The U.S. has a limitation on benefits (“LOB)  provision in all recently adopted tax treaties, however, with the exception of the Canadian-U.S. Tax Treaty, the U.S. is the only signatory to the tax treaties that enforces the LOB provision.

With the exception of U.S. tax treaties the adoption of the PPT or LOB provisions will require modification of tax treaties.

Action (7)    Prevent the Artificial Avoidance of (“PE”) Status

The Report on Action 7 contains agreed amendments to the OECD definition of permanent establishment. These changes address techniques used to inappropriately avoid the existence of a permanent establishment (for example through commissionaire arrangements).

By including commissionaire agreements in the definition of a PE, the threshold for having a PE in a jurisdiction will be substantially lower. Commissionaire and other arrangements will be determined by a new test of which party “habitually plays the principal role” in generating sales or making purchases where the contracts are “routinely concluded without material modification” by the contracting entity. The commentary to the model tax treaty (but not the treaty wording itself) contains a clear statement of the policy intention that buy-sell distributors, including limited risk distributors, should not create a PE of their principals (although the simultaneous holding of stock locally by a principal is likely to create a PE due to an anti-abuse rule).

The implementation of the expansion of the PE concept will require modification of all tax treaties.

Action (8-10)   Assure that Transfer Pricing Outcomes Are in Line with Value Creation

  1. Action 8 deals with transfer pricing issues relating to transactions involving intangibles.
  2. Action 9 considers contractual allocation of risks, and profit allocation to those risks.
  3. Action 10 focuses on other high-risk areas, including transactions which are not deemed commercially rational (re-characterization) and the use of transfer pricing in a way which results in diverting profits from the most economically important activities of the multinational enterprise (“MNE”) group.

Action (11)      Measuring and Monitoring BEPS

The Report on Action 11 recommends that the OECD works with governments to report and analyze more corporate tax statistics (such as statistical analyses based upon country-by-country reporting [“CBCR”]) and to present them in an intentionally consistent way.

Action (12)      Require Taxpayers to Disclose their Aggressive Tax Planning Arrangements

The Report on Action 12 provides a series of options that enables countries to design a regime that fits their needs to obtain early information on aggressive or abusive planning schemes and their users.
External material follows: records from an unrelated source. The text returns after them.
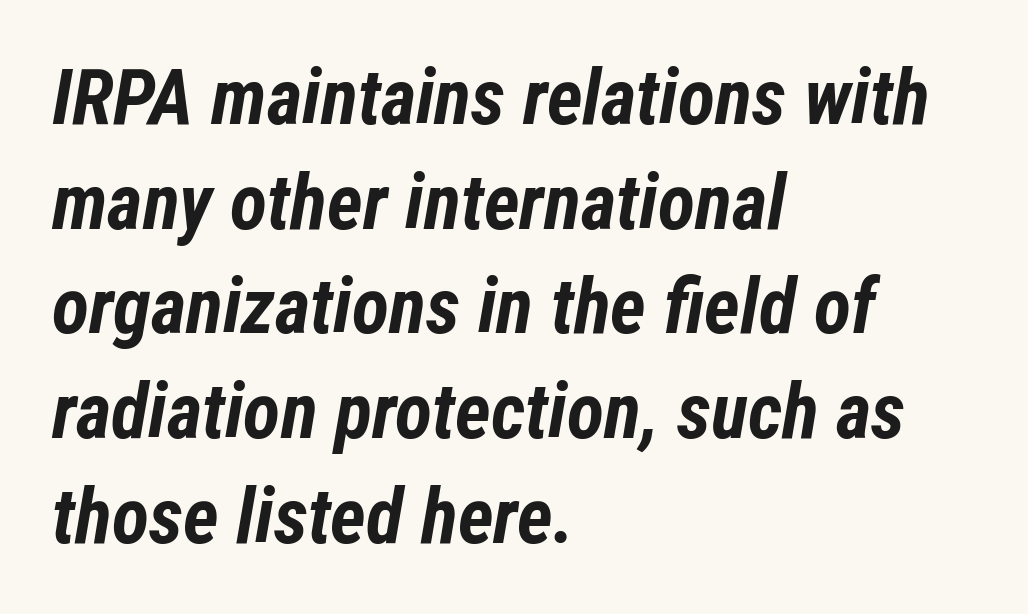
Q: Is the text bold? A: Yes.
Q: Is the text italic (slanted)? A: Yes, it leans right by about 12 degrees.
Q: Is the text underlined? A: No.
Q: How is the paragraph aligned? A: Left-aligned.
Q: Is the spacing between letters normal or unusually wide? A: Normal.
Q: Is the spacing between lines tight, normal or loose? A: Normal.
Q: Width (condensed, normal, or wide)? A: Condensed.
Q: Stroke contrast? A: Low.
Q: x-height? A: Medium.
Q: Monospaced? A: No.
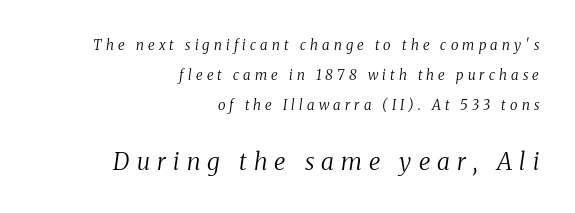
The image shows 24 px text type, italic (leaning right); set right-aligned, loose line spacing (2.16x), unusually wide letter spacing (+0.3 em), not underlined; the second (bottom) block is 1.71x larger.
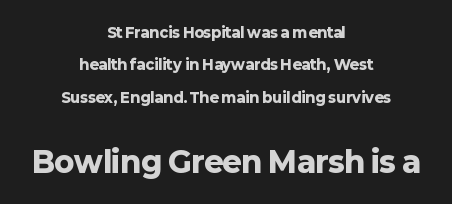
The image shows 29 px heavy sans-serif type, upright; set centered, loose line spacing (2.31x), normal letter spacing, not underlined; the second (bottom) block is 2.07x larger; low stroke contrast and a medium x-height.
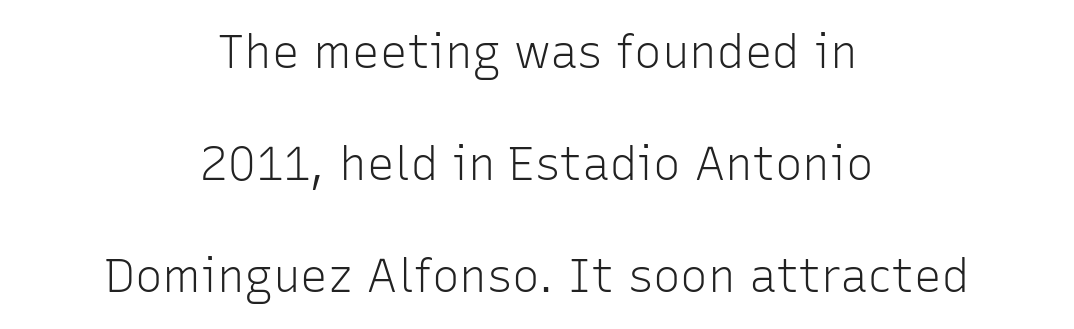
Caption: multi-line text, centered on the measure. The words here are not underlined. Regarding serifs, this sample does without them. The rendering uses natural spacing where letterforms have individual widths. The type sits square on the baseline with zero lean.

Action (13)      Re-Examine Transfer Pricing Documentation

The 2015 Report on Action 13 incudes revised guidelines on transfer pricing documentation and CBCR. In particular, the Report proposes a 3-tiered documentation structure: (i) a master file containing high-level information regarding global business operations; (ii) a local file specific to each country disclosing details of material related party transactions and (iii) a CBCR.

The report requires the master and local files to be delivered by multinational businesses to local tax authorities, whilst the CBCR is to be filed in the ultimate parent’s jurisdiction and shared via exchange of information protocols.
The U.S. appears to be moving towards adoption of CBCR reporting despite a letter from Orrin Hatch and Paul Ryan to Treasury Secretary Jacob Lew questioning whether Treasury has the authority to draft regulations dealing with CBCR.

Action (14)     Make Dispute Resolution Mechanisms More Effective

The Report on Action 14 notes that countries have agreed on a minimum standard and a number of best practices in relation to dispute resolution.

A group of 20 states, including Australia, France, Germany, Italy, Luxembourg, Spain, the United Kingdom and the U.S., have also committed to provide for mandatory binding arbitration in their bilateral tax treaties.

Action (15)     Develop a Multilateral Instrument

The report notes that it is desirable to develop a multilateral instrument to streamline the implementation of tax treaty-related BEPS measures.